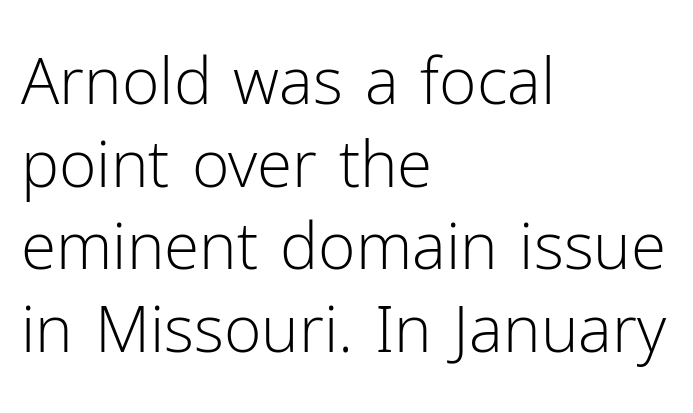
To sum up the face: it is a sans, with no serifs. Honestly, there is no underline to notice here at all. There is no visible air inserted between adjacent glyphs. Line beginnings align vertically; line endings do not. Unbolded letterforms with no extra heft. One glance says typical: line gaps are just what's usual.
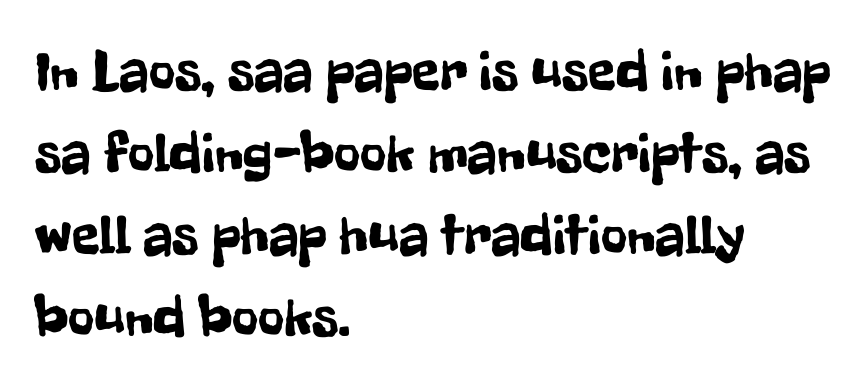
Note: no serifs on the glyphs. The gap between lines stays unmarked. Baseline-to-baseline distance is the conventional proportion of letter height. Tracking value appears to be zero — textbook default spacing. When letters stand straight like this, we call the style roman or upright. Spacing verdict: proportional, widths tailored to each character.
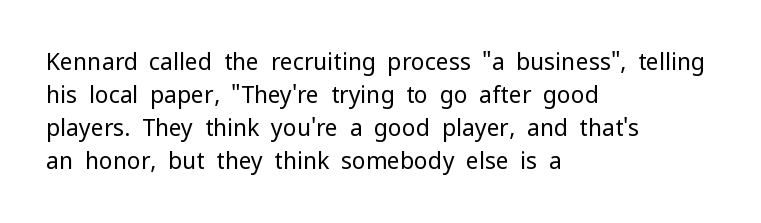
The image shows 23 px text type, upright; set left-aligned, normal line spacing (1.44x), normal letter spacing, not underlined.
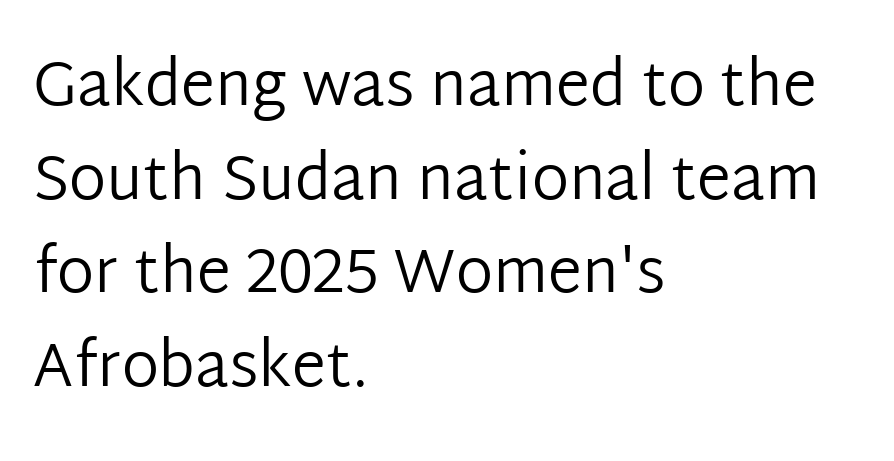
A typesetter would label this face a sans. The string is rendered with underlining switched off. Notice how descenders clear the ascenders below comfortably — that's standard leading. Ascenders rise straight up at ninety degrees. The horizontal fit of the characters is conventional and even.
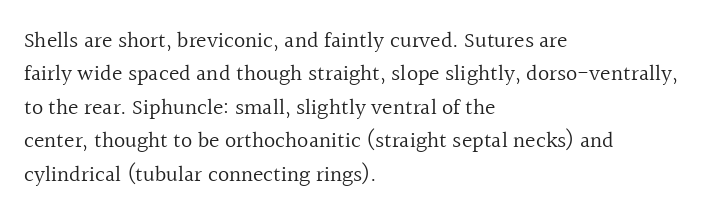
Summary of vertical rhythm: regular, with standard interline spacing. No extra ink here — the face is not bold. Quick note: not italic, upright. Horizontal alignment here is leftward, the default for most running prose.
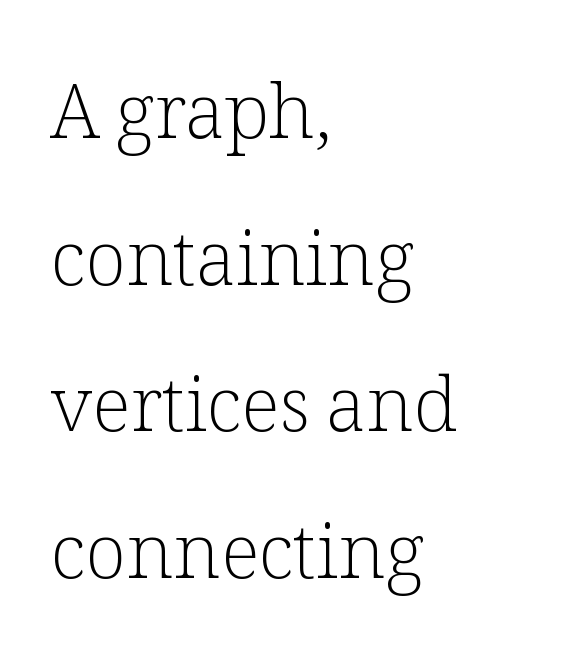
The image shows 76 px light serif type, upright; set left-aligned, loose line spacing (1.93x), normal letter spacing, not underlined; low stroke contrast and a medium x-height.
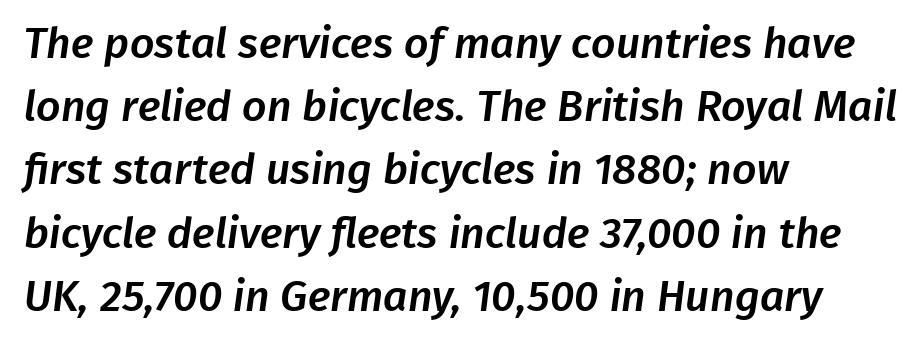
Q: Is the typeface a serif or a sans-serif typeface? A: Sans-serif.
Q: Is the text underlined? A: No.
Q: How is the paragraph aligned? A: Left-aligned.
Q: Is the spacing between letters normal or unusually wide? A: Normal.
Q: Is the spacing between lines tight, normal or loose? A: Normal.
Q: Width (condensed, normal, or wide)? A: Normal.
Q: Stroke contrast? A: Low.
Q: x-height? A: Medium.
Q: Monospaced? A: No.
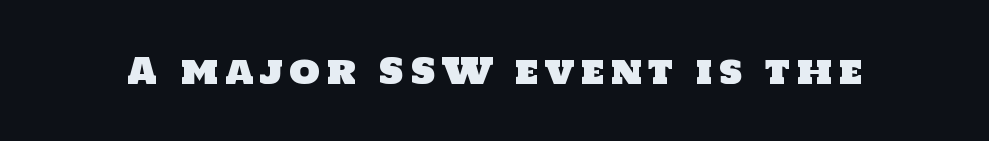
Nobody drew a line under any word here. The passage shown is typed in a proportional face where columns would drift. Does the type have serifs? No, each stem ends abruptly.
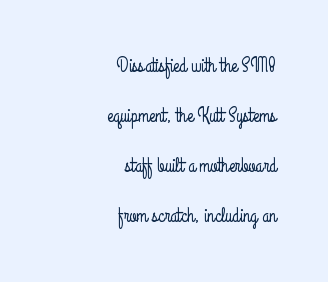
In terms of leading, this rendering errs on the spacious side. The tracking reads as untouched default to a designer's eye. The lines in this sample share a right terminus and differ only in where they begin. Beneath every word, the page is bare.
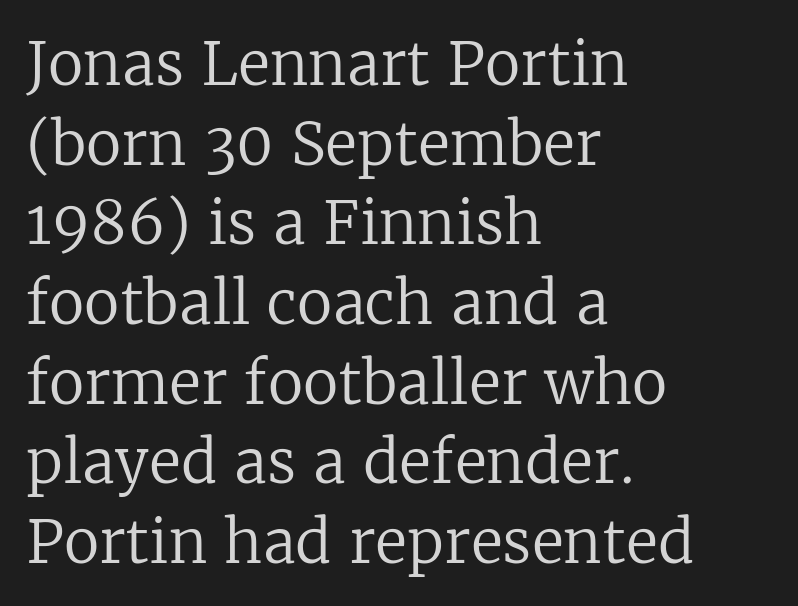
{"serif": "yes", "italic": "no", "bold": "no", "weight": "regular", "width": "normal", "stroke_contrast": "low", "x_height": "medium", "monospaced": "no", "underline": "no", "align": "left", "line_spacing": "normal", "line_spacing_ratio": 1.35, "letter_spacing": "normal", "letter_spacing_em": 0.0, "glyph_px": 59}
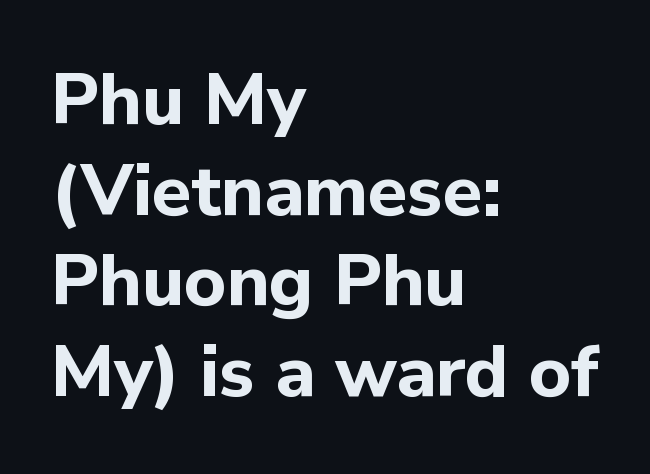
{"serif": "no", "italic": "no", "bold": "yes", "weight": "bold", "width": "normal", "stroke_contrast": "low", "x_height": "medium", "monospaced": "no", "underline": "no", "align": "left", "line_spacing": "normal", "line_spacing_ratio": 1.26, "letter_spacing": "normal", "letter_spacing_em": 0.0, "glyph_px": 72}
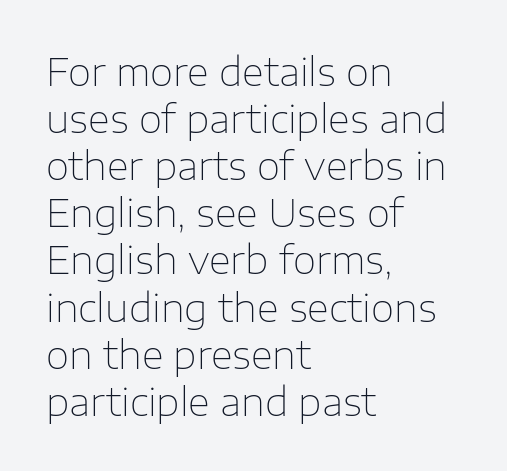
The image shows 38 px thin sans-serif type, upright; set left-aligned, line spacing 1.24x, normal letter spacing, not underlined; low stroke contrast and a medium x-height.
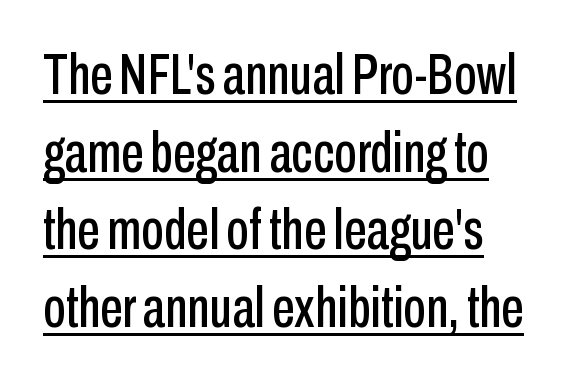
The image shows 57 px condensed sans-serif type, upright; set normal line spacing (1.36x), normal letter spacing, underlined; low stroke contrast and a medium x-height.
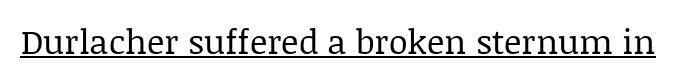
{"serif": "yes", "italic": "no", "bold": "no", "weight": "regular", "width": "normal", "stroke_contrast": "low", "x_height": "large", "monospaced": "no", "underline": "yes", "letter_spacing": "normal", "letter_spacing_em": 0.0, "glyph_px": 34}
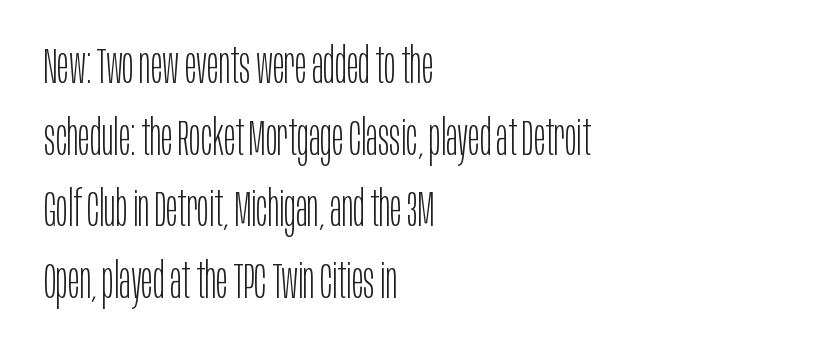
The image shows 49 px light, condensed sans-serif type, upright; set left-aligned, normal line spacing (1.46x), normal letter spacing, not underlined; low stroke contrast and a large x-height.
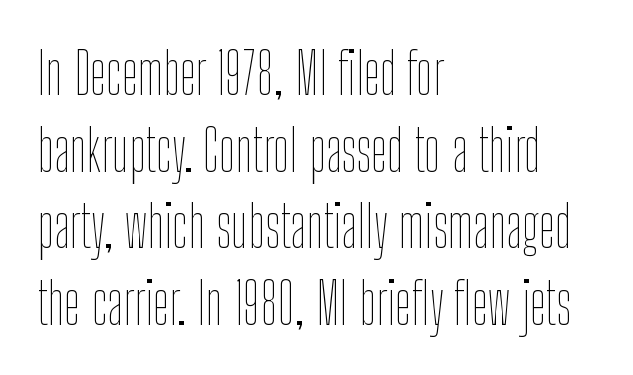
Think of a printed novel: that variable character pitch is what you see here. Standard letterfit; no display-style spreading of the glyphs. Each stroke keeps to a modest, everyday thickness or less. Descenders hang freely into open space.
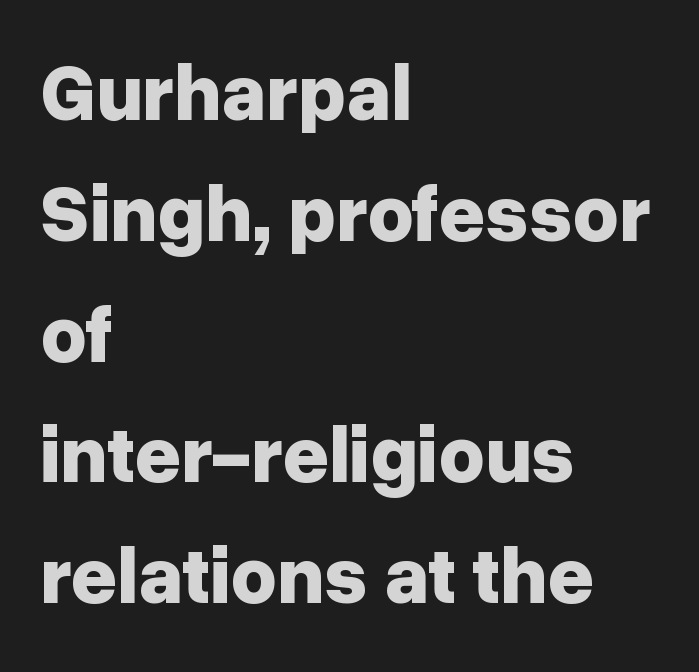
Proportional: the letters do not fall into vertical columns. Interline gaps are of average width in this sample. Type without underlining. Inter-character spacing is left at the font's built-in metrics. The rendering uses a bold face; every stroke is thick and dark. Observe the absence of serifs on each vertical stroke in this sample.
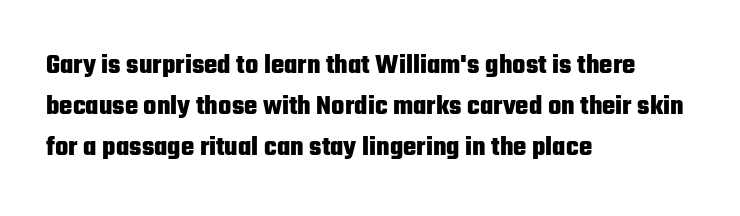
The image shows 28 px heavy, condensed sans-serif type, upright; set left-aligned, normal line spacing (1.47x), normal letter spacing, not underlined; low stroke contrast and a medium x-height.
_ _ _ _
_Work required_
Please give the entries above again exactly as written, leaving out any pictures.

_Task response_
To sum up the face: it is a sans, with no serifs. Honestly, there is no underline to notice here at all. There is no visible air inserted between adjacent glyphs. Line beginnings align vertically; line endings do not. Unbolded letterforms with no extra heft. One glance says typical: line gaps are just what's usual.
Note: no serifs on the glyphs. The gap between lines stays unmarked. Baseline-to-baseline distance is the conventional proportion of letter height. Tracking value appears to be zero — textbook default spacing. When letters stand straight like this, we call the style roman or upright. Spacing verdict: proportional, widths tailored to each character.
The image shows 23 px text type, upright; set left-aligned, normal line spacing (1.44x), normal letter spacing, not underlined.
A typesetter would label this face a sans. The string is rendered with underlining switched off. Notice how descenders clear the ascenders below comfortably — that's standard leading. Ascenders rise straight up at ninety degrees. The horizontal fit of the characters is conventional and even.
Summary of vertical rhythm: regular, with standard interline spacing. No extra ink here — the face is not bold. Quick note: not italic, upright. Horizontal alignment here is leftward, the default for most running prose.
The image shows 76 px light serif type, upright; set left-aligned, loose line spacing (1.93x), normal letter spacing, not underlined; low stroke contrast and a medium x-height.
Q: Is the typeface a serif or a sans-serif typeface? A: Sans-serif.
Q: Is the text underlined? A: No.
Q: How is the paragraph aligned? A: Left-aligned.
Q: Is the spacing between letters normal or unusually wide? A: Normal.
Q: Is the spacing between lines tight, normal or loose? A: Normal.
Q: Width (condensed, normal, or wide)? A: Normal.
Q: Stroke contrast? A: Low.
Q: x-height? A: Medium.
Q: Monospaced? A: No.
Nobody drew a line under any word here. The passage shown is typed in a proportional face where columns would drift. Does the type have serifs? No, each stem ends abruptly.
In terms of leading, this rendering errs on the spacious side. The tracking reads as untouched default to a designer's eye. The lines in this sample share a right terminus and differ only in where they begin. Beneath every word, the page is bare.
{"serif": "yes", "italic": "no", "bold": "no", "weight": "regular", "width": "normal", "stroke_contrast": "low", "x_height": "medium", "monospaced": "no", "underline": "no", "align": "left", "line_spacing": "normal", "line_spacing_ratio": 1.35, "letter_spacing": "normal", "letter_spacing_em": 0.0, "glyph_px": 59}
{"serif": "no", "italic": "no", "bold": "yes", "weight": "bold", "width": "normal", "stroke_contrast": "low", "x_height": "medium", "monospaced": "no", "underline": "no", "align": "left", "line_spacing": "normal", "line_spacing_ratio": 1.26, "letter_spacing": "normal", "letter_spacing_em": 0.0, "glyph_px": 72}
The image shows 38 px thin sans-serif type, upright; set left-aligned, line spacing 1.24x, normal letter spacing, not underlined; low stroke contrast and a medium x-height.
The image shows 57 px condensed sans-serif type, upright; set normal line spacing (1.36x), normal letter spacing, underlined; low stroke contrast and a medium x-height.
{"serif": "yes", "italic": "no", "bold": "no", "weight": "regular", "width": "normal", "stroke_contrast": "low", "x_height": "large", "monospaced": "no", "underline": "yes", "letter_spacing": "normal", "letter_spacing_em": 0.0, "glyph_px": 34}
The image shows 49 px light, condensed sans-serif type, upright; set left-aligned, normal line spacing (1.46x), normal letter spacing, not underlined; low stroke contrast and a large x-height.
Think of a printed novel: that variable character pitch is what you see here. Standard letterfit; no display-style spreading of the glyphs. Each stroke keeps to a modest, everyday thickness or less. Descenders hang freely into open space.
Proportional: the letters do not fall into vertical columns. Interline gaps are of average width in this sample. Type without underlining. Inter-character spacing is left at the font's built-in metrics. The rendering uses a bold face; every stroke is thick and dark. Observe the absence of serifs on each vertical stroke in this sample.
The image shows 28 px heavy, condensed sans-serif type, upright; set left-aligned, normal line spacing (1.47x), normal letter spacing, not underlined; low stroke contrast and a medium x-height.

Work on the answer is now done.